Withdrawal Symptoms: Abrupt discontinuation can lead to seizures, hallucinations, and tremors.

Management Strategies

Skin Monitoring: Discontinue Onfi at the first sign of a rash unless the rash is clearly not drug-related.
Gradual Taper: If the drug must be stopped, it should be tapered by decreasing the dose by 5–10 mg per week.

Research Areas

In the context of Regenerative Medicine, current Research Areas (2025-2026) are investigating the role of GABA_A modulation in promoting a permissive environment for Cellular Therapy. Early-stage clinical trials are exploring whether the stabilization of neural circuits with Onfi can improve the integration and “synaptic hooking” of transplanted inhibitory interneurons. By reducing excitotoxicity, Onfi may serve as a critical bridge in Tissue Repair protocols for patients undergoing experimental stem cell treatments for refractory focal epilepsy.
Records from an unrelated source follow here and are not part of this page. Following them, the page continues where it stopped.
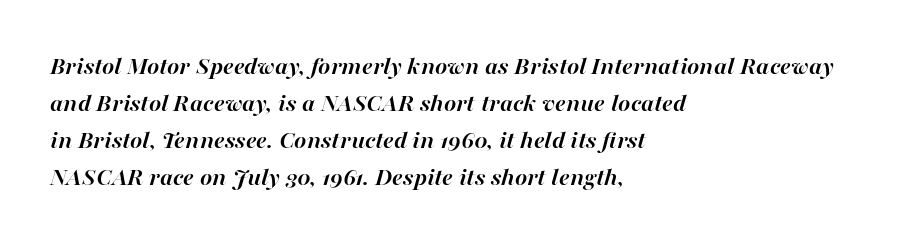
The image shows 26 px bold type, italic (leaning right); set left-aligned, normal line spacing (1.42x), normal letter spacing, not underlined.
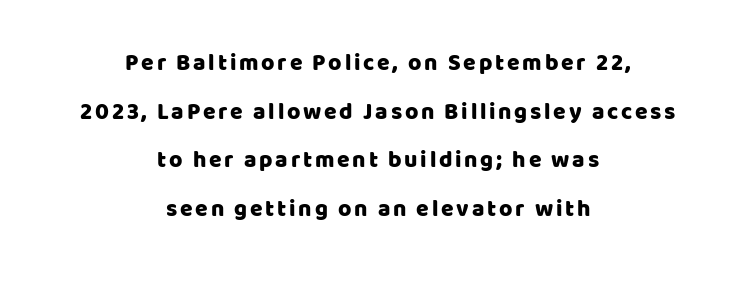
The image shows 23 px text type, upright; set centered, loose line spacing (2.11x), not underlined.
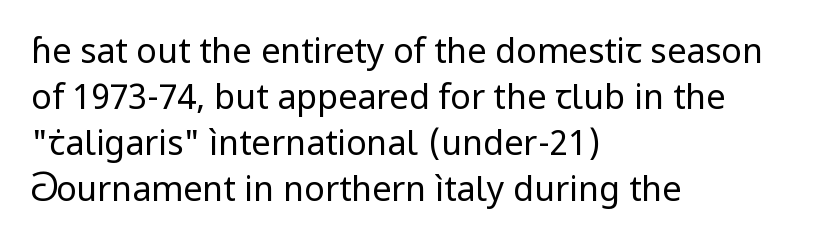
Underline: absent. A roman cut, with each character standing at attention. Compared with typical body copy, the letter spacing here is the same. Notice how descenders clear the ascenders below comfortably — that's standard leading. Each line starts at the same left margin while the right side varies.
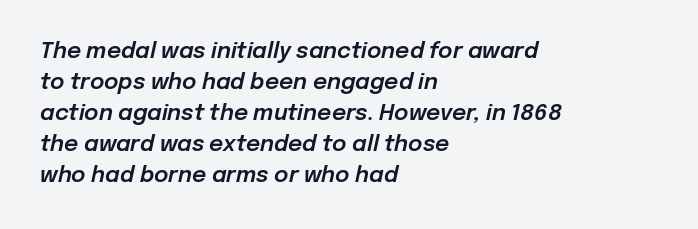
Honestly, there is no underline to notice here at all. The rendering applies a slant to the glyphs. This block has exactly the height ordinary leading produces. The tracking reads as untouched default to a designer's eye.

Patient Management and Practical Recommendations

Pre-treatment Tests

CYP2C19 Genotyping: Recommended for identifying patients who may require lower starting doses.
Baseline CBC and Liver Function Tests: To establish a metabolic baseline.
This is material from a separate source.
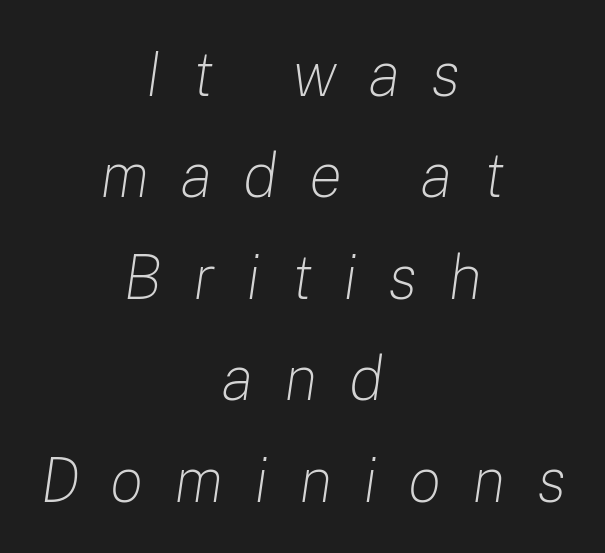
{"italic": "yes", "lean": "right", "slant_degrees": 8, "bold": "no", "weight": "light", "width": "normal", "stroke_contrast": "low", "x_height": "medium", "monospaced": "no", "underline": "no", "align": "center", "line_spacing": "normal", "line_spacing_ratio": 1.61, "letter_spacing": "wide", "letter_spacing_em": 0.49, "glyph_px": 63}

Precautions During Treatment

Respiratory Monitoring: Caution in patients with pre-existing respiratory disease (e.g., sleep apnea or COPD).
Activity Adjustment: Avoid driving or operating heavy machinery until the effects of the medication are fully understood.

“Do’s and Don’ts”

DO take the medication consistently. If using the tablet form, it can be taken whole, crushed, or mixed with applesauce.
DO report any new rash, fever, or swollen glands to your neurologist immediately.
DON’T consume alcohol while taking Onfi, as it significantly increases the risk of dangerous sedation.
DON’T stop the medication suddenly, as this may trigger status epilepticus (prolonged seizures).

Legal Disclaimer

The information provided in this guide is for informational purposes only and does not replace professional medical advice, diagnosis, or treatment. Always seek the advice of your physician or other qualified health provider with any questions you may have regarding a medical condition or the use of Onfi. This medication should only be used under the direct supervision of a licensed Neurologist.